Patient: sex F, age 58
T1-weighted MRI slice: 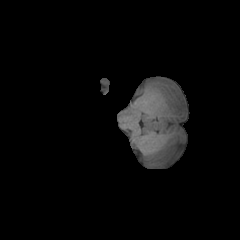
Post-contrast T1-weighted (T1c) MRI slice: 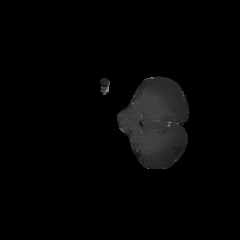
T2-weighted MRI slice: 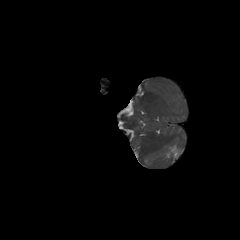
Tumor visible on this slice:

----------------------------------------

*EXERCISE*. Pictures are to be omitted; otherwise, write out the data exactly as it appears.

*SOLUTION TO THIS EXERCISE*.
Patient: sex F, age 58
T1-weighted MRI slice: 
Post-contrast T1-weighted (T1c) MRI slice: 
T2-weighted MRI slice: 
Tumor visible on this slice:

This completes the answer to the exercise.